(Work item):
Print what the records say exactly, and omit the pictures.

────

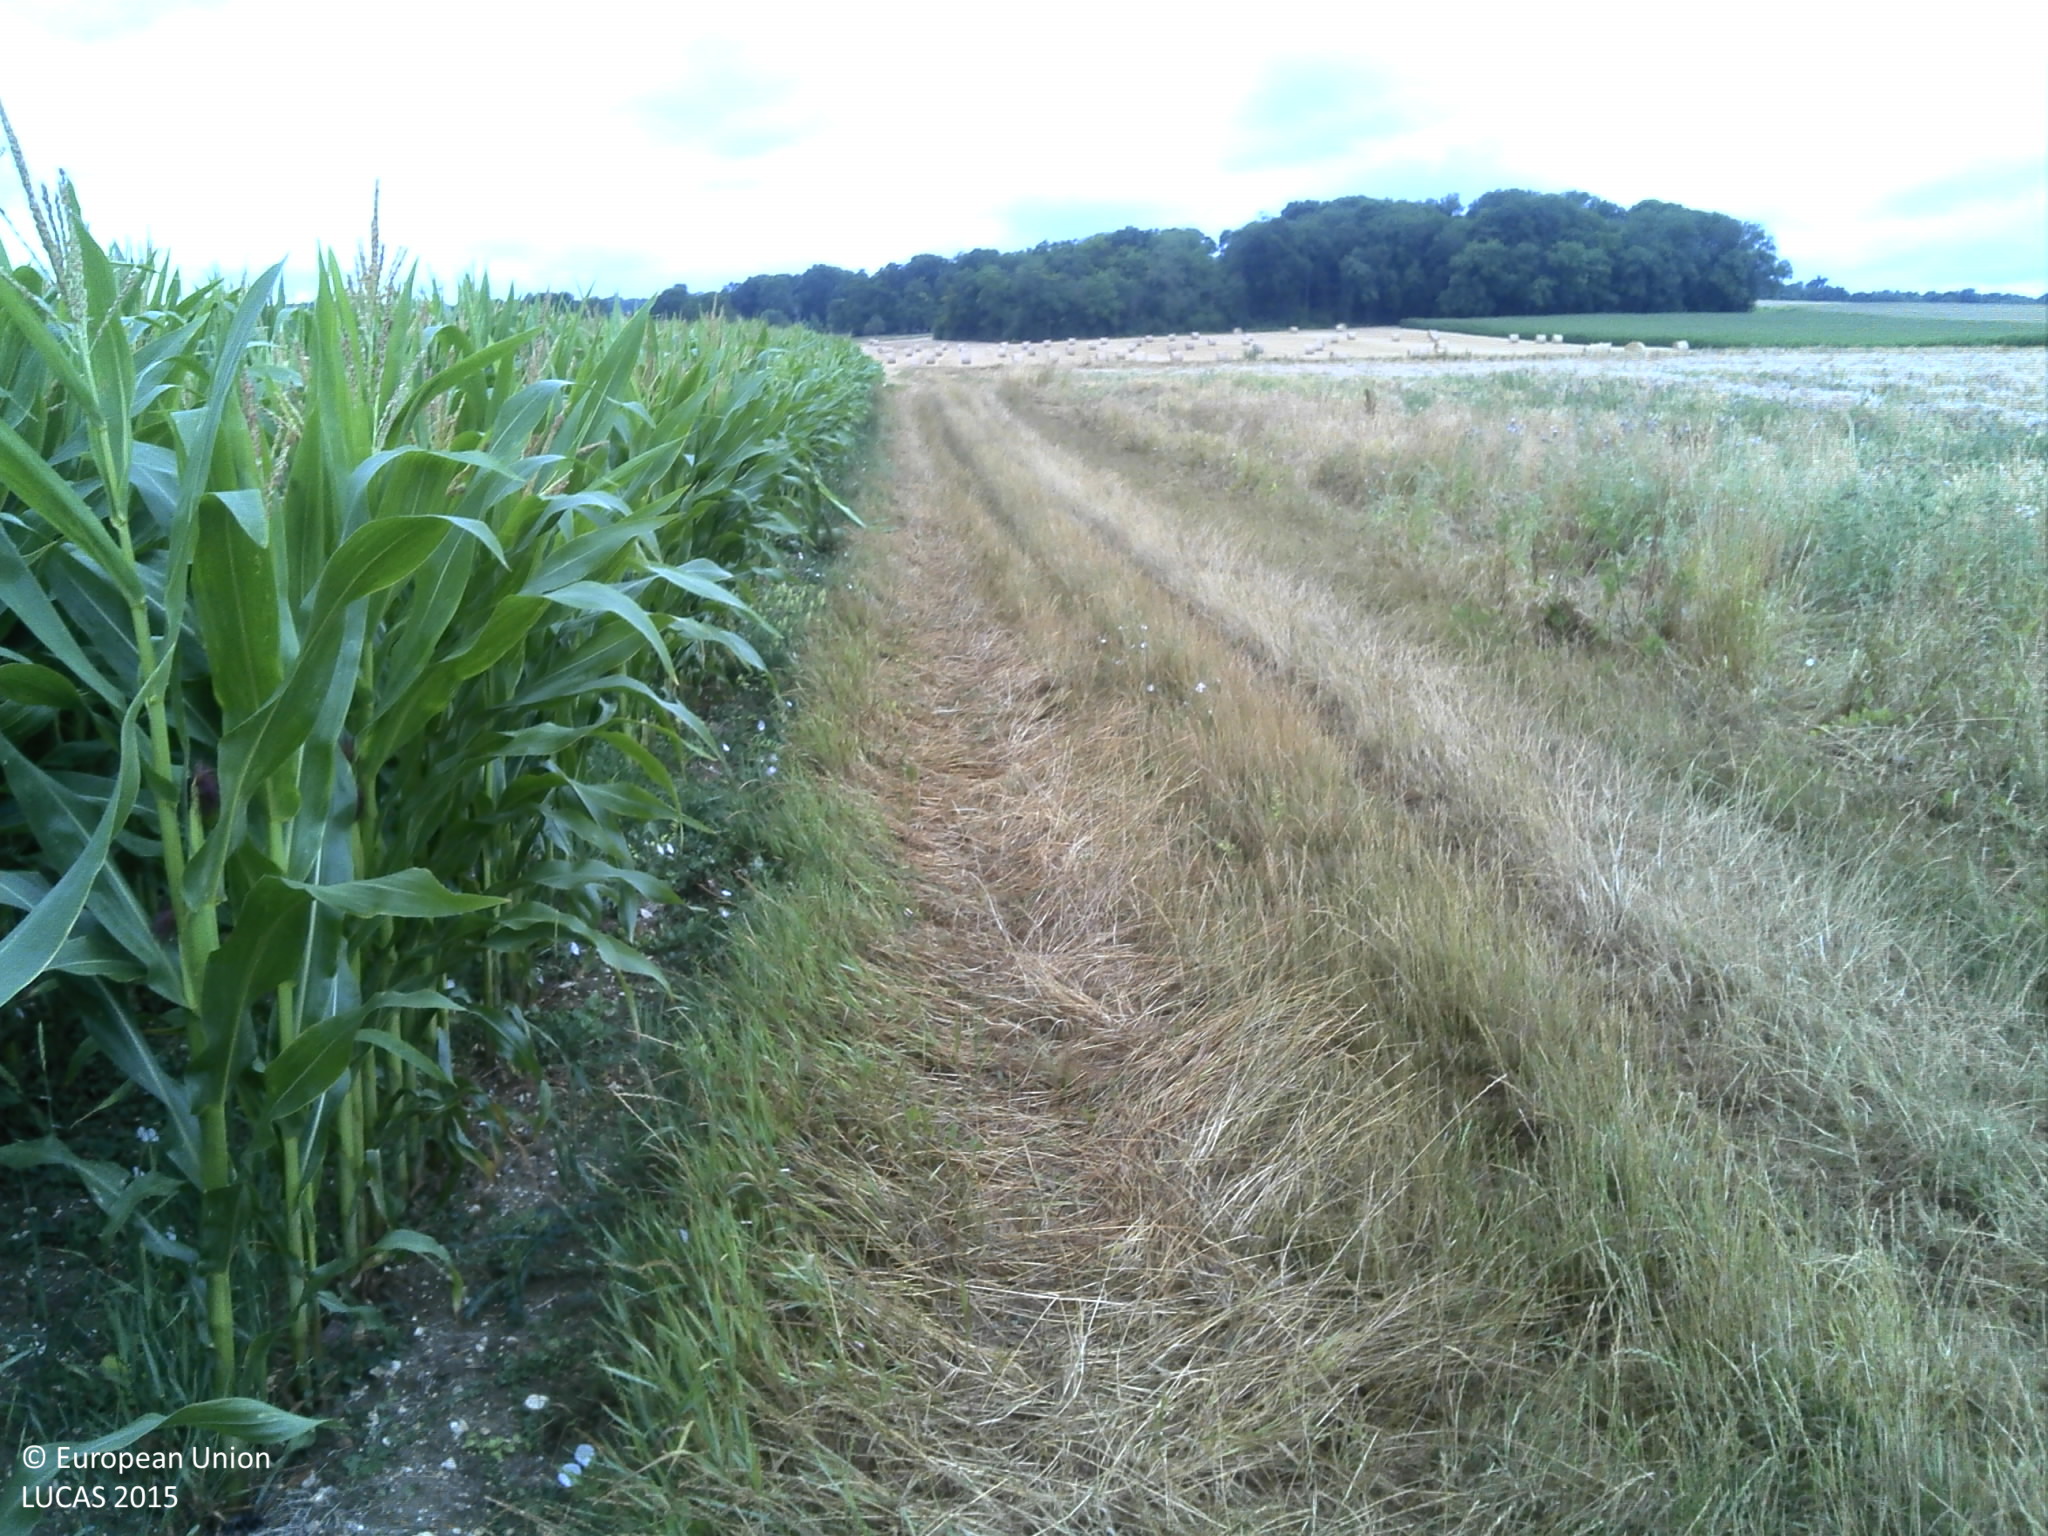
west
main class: Cropland
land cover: Maize
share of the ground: > 75 %
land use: Agriculture (excluding fallow land and kitchen gardens)
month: July
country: FR
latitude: 49.0084
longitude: 1.8778

────

(Reply):
west
main class: Cropland
land cover: Maize
share of the ground: > 75 %
land use: Agriculture (excluding fallow land and kitchen gardens)
month: July
country: FR
latitude: 49.0084
longitude: 1.8778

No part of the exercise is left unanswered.